Interpretation of two-digit years

new Date() exhibits legacy undesirable, inconsistent behavior with two-digit year values; specifically, when a new Date() call is given a two-digit year value, that year value does not get treated as a literal year and used as-is but instead gets interpreted as a relative offset - in some cases as an offset from the year 1900, but in other cases, as an offset from the year 2000.

let date = new Date(98, 1); // Sun Feb 01 1998 00:00:00 GMT+0000 (GMT)
date = new Date(22, 1); // Wed Feb 01 1922 00:00:00 GMT+0000 (GMT)
date = new Date("2/1/22"); // Tue Feb 01 2022 00:00:00 GMT+0000 (GMT)

// Legacy method; always interprets two-digit year values as relative to 1900
date.setYear(98);
date.toString(); // Sun Feb 01 1998 00:00:00 GMT+0000 (GMT)
date.setYear(22);
date.toString(); // Wed Feb 01 1922 00:00:00 GMT+0000 (GMT)

So, to create and get dates between the years 0 and 99, instead use the preferred setFullYear() and getFullYear() methods:.

// Preferred method; never interprets any value as being a relative offset,
// but instead uses the year value as-is
date.setFullYear(98);
date.getFullYear(); // 98 (not 1998)
date.setFullYear(22);
date.getFullYear(); // 22 (not 1922, not 2022)


Calculating elapsed time

The following examples show how to determine the elapsed time between two JavaScript dates in milliseconds.
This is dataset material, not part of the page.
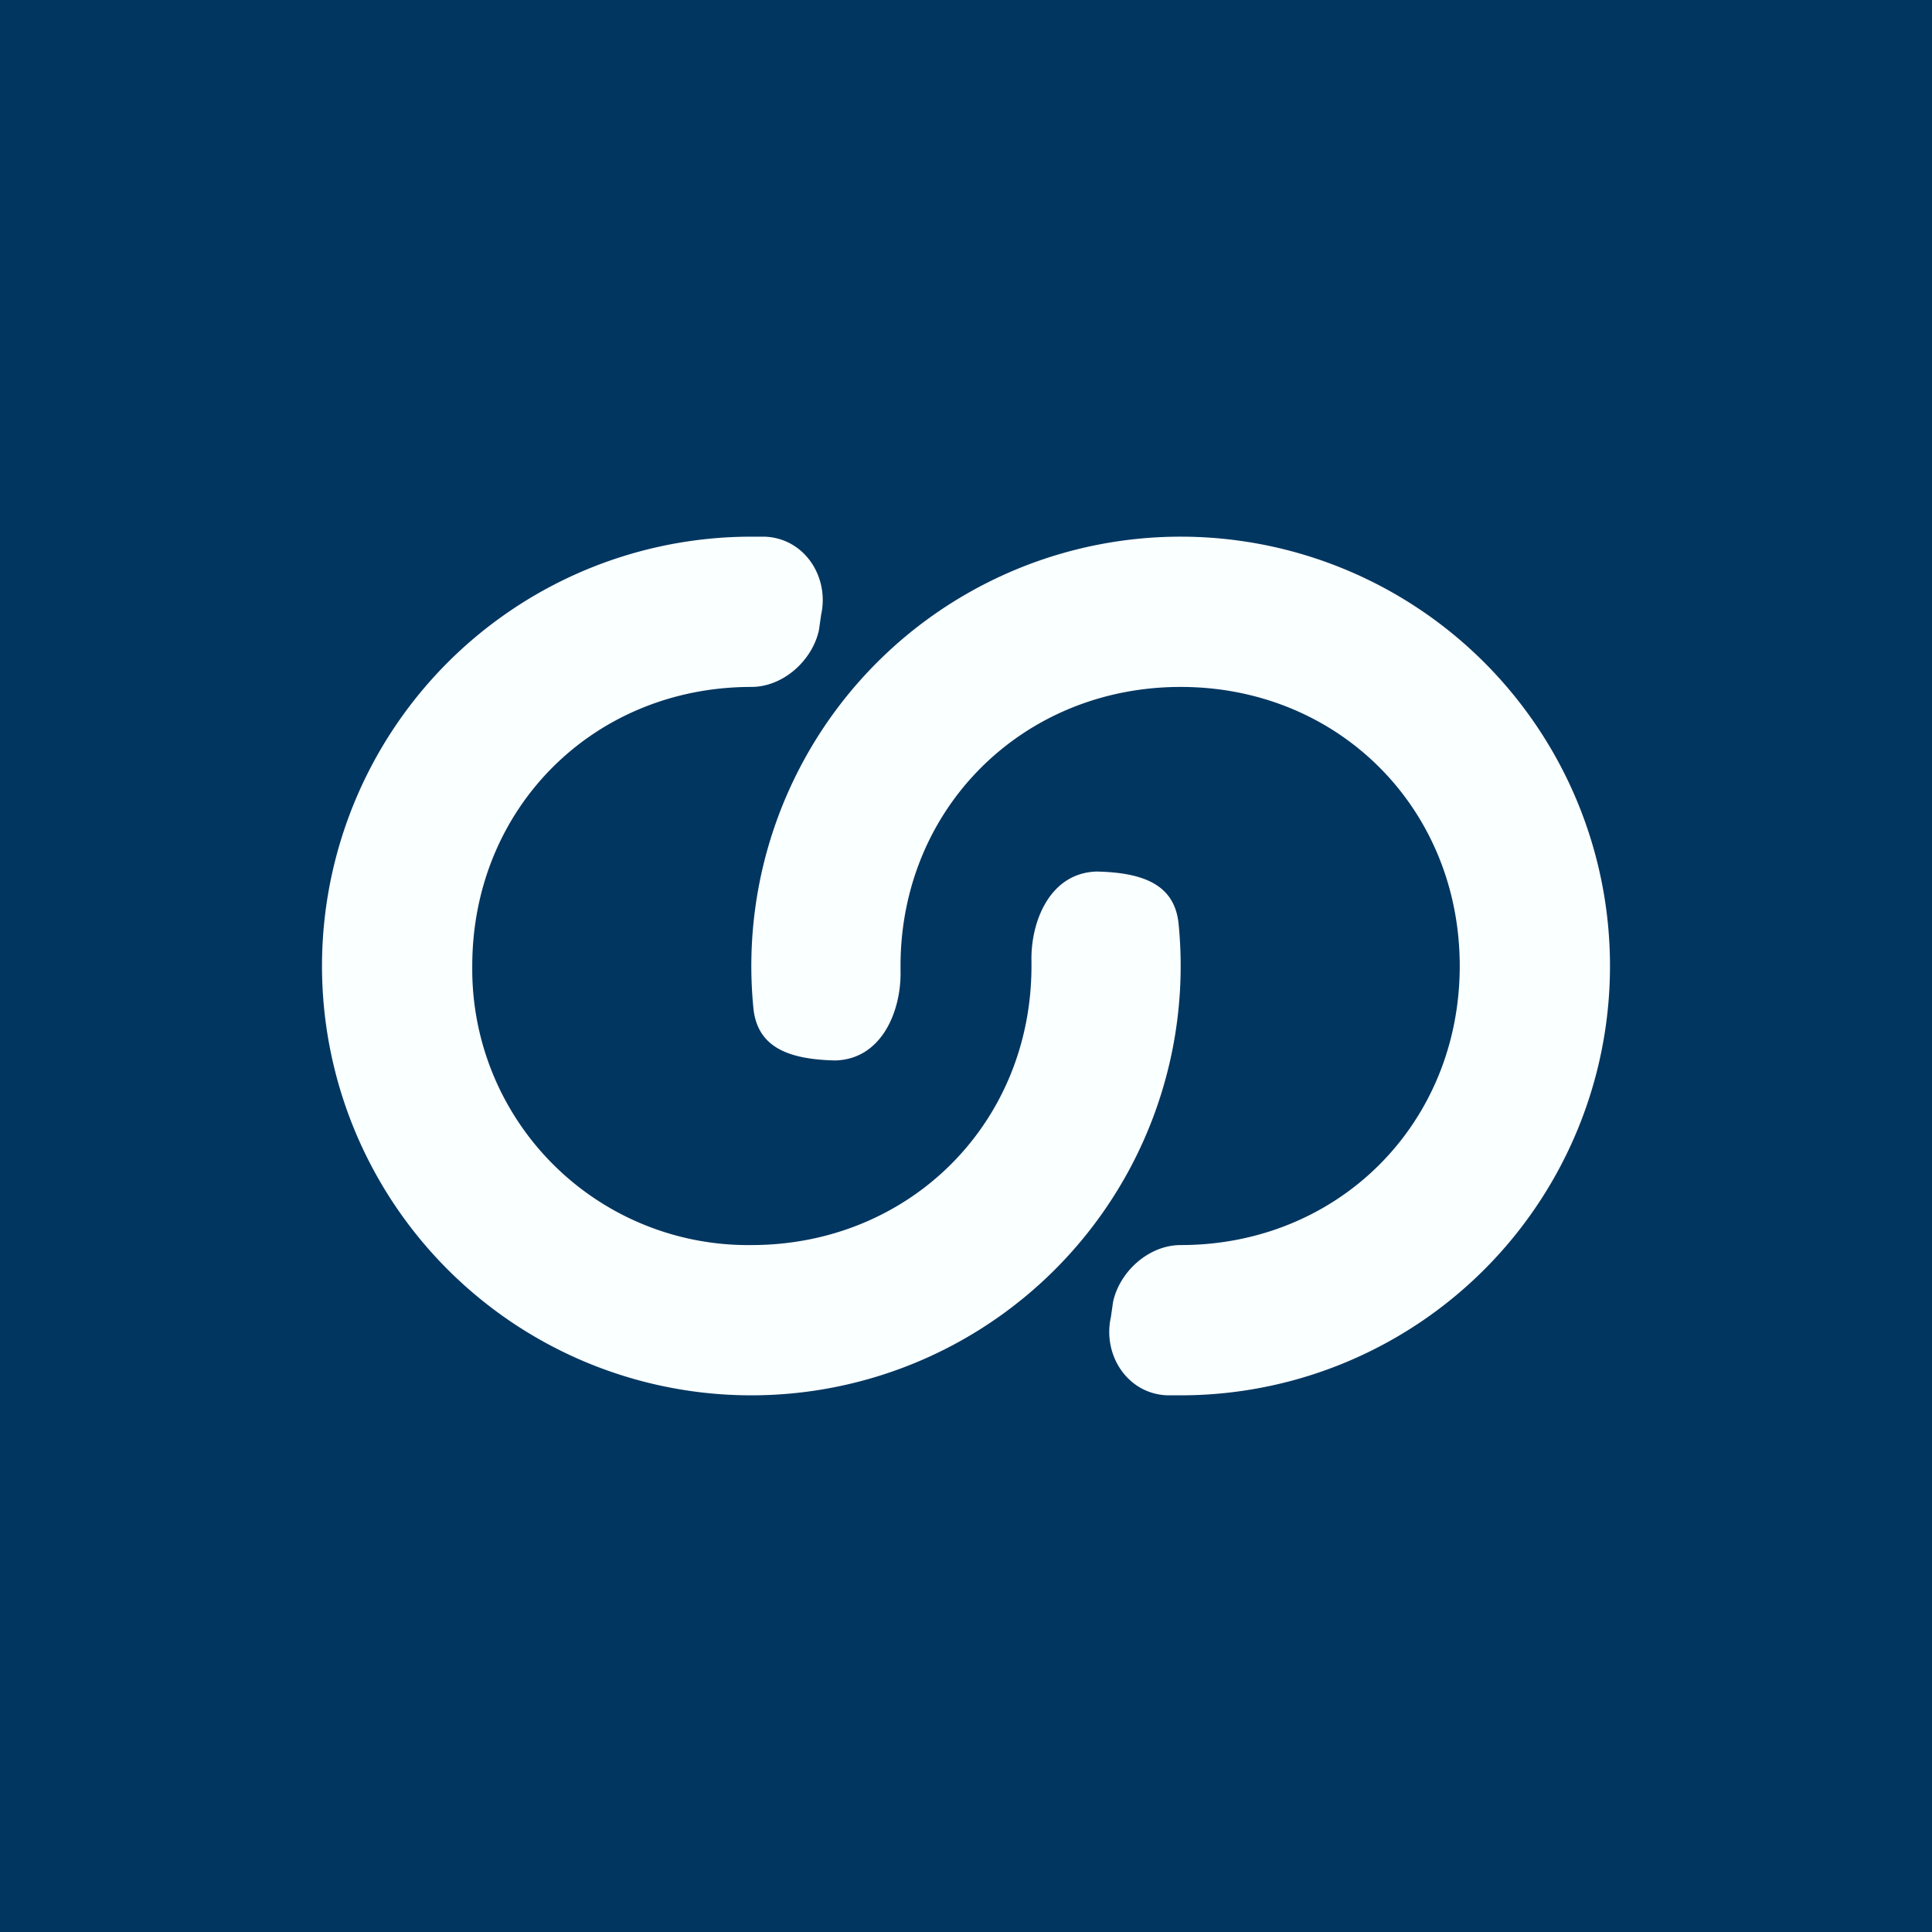 <!-- by TradingView --><svg width="18" height="18" viewBox="0 0 18 18" xmlns="http://www.w3.org/2000/svg"><path fill="#013660" d="M0 0h18v18H0z"/><path d="M13.6 9c0 1.47-1.13 2.6-2.6 2.6-.3 0-.57.25-.63.53l-.02.14c-.08.36.16.72.53.73H11a4 4 0 1 0-3.98-3.6c.04.36.33.47.76.48.44-.01.62-.47.61-.84V9c0-1.47 1.14-2.6 2.61-2.6s2.6 1.13 2.6 2.6Z" fill="#FAFFFF"/><path d="M4.4 9c0-1.47 1.13-2.6 2.6-2.6.3 0 .57-.25.63-.53l.02-.14c.08-.36-.16-.72-.53-.73H7a4 4 0 1 0 3.98 3.6c-.04-.36-.33-.47-.76-.48-.44.01-.62.47-.61.84V9c0 1.47-1.14 2.6-2.61 2.6A2.57 2.57 0 0 1 4.4 9Z" fill="#FAFFFF"/></svg>

Due to the differing lengths of days (due to daylight saving changeover), months, and years, expressing elapsed time in units greater than hours, minutes, and seconds requires addressing a number of issues, and should be thoroughly researched before being attempted.

// Using Date objects
const start = Date.now();

// The event to time goes here:
doSomethingForALongTime();
const end = Date.now();
const elapsed = end - start; // elapsed time in milliseconds

// Using built-in methods
const start = new Date();

// The event to time goes here:
doSomethingForALongTime();
const end = new Date();
const elapsed = end.getTime() - start.getTime(); // elapsed time in milliseconds

// To test a function and get back its return
function printElapsedTime(testFn) {
  const startTime = Date.now();
  const result = testFn();
  const endTime = Date.now();

  console.log(`Elapsed time: ${String(endTime - startTime)} milliseconds`);
  return result;
}

const yourFunctionReturn = printElapsedTime(yourFunction);

Note: In browsers that support the Web Performance API's high-resolution time feature, Performance.now() can provide more reliable and precise measurements of elapsed time than Date.now().


Get the number of seconds since the ECMAScript Epoch

const seconds = Math.floor(Date.now() / 1000);

In this case, it's important to return only an integer-so a simple division won't do. It's also important to only return actually elapsed seconds. (That's why this code uses Math.floor(), and not Math.round()).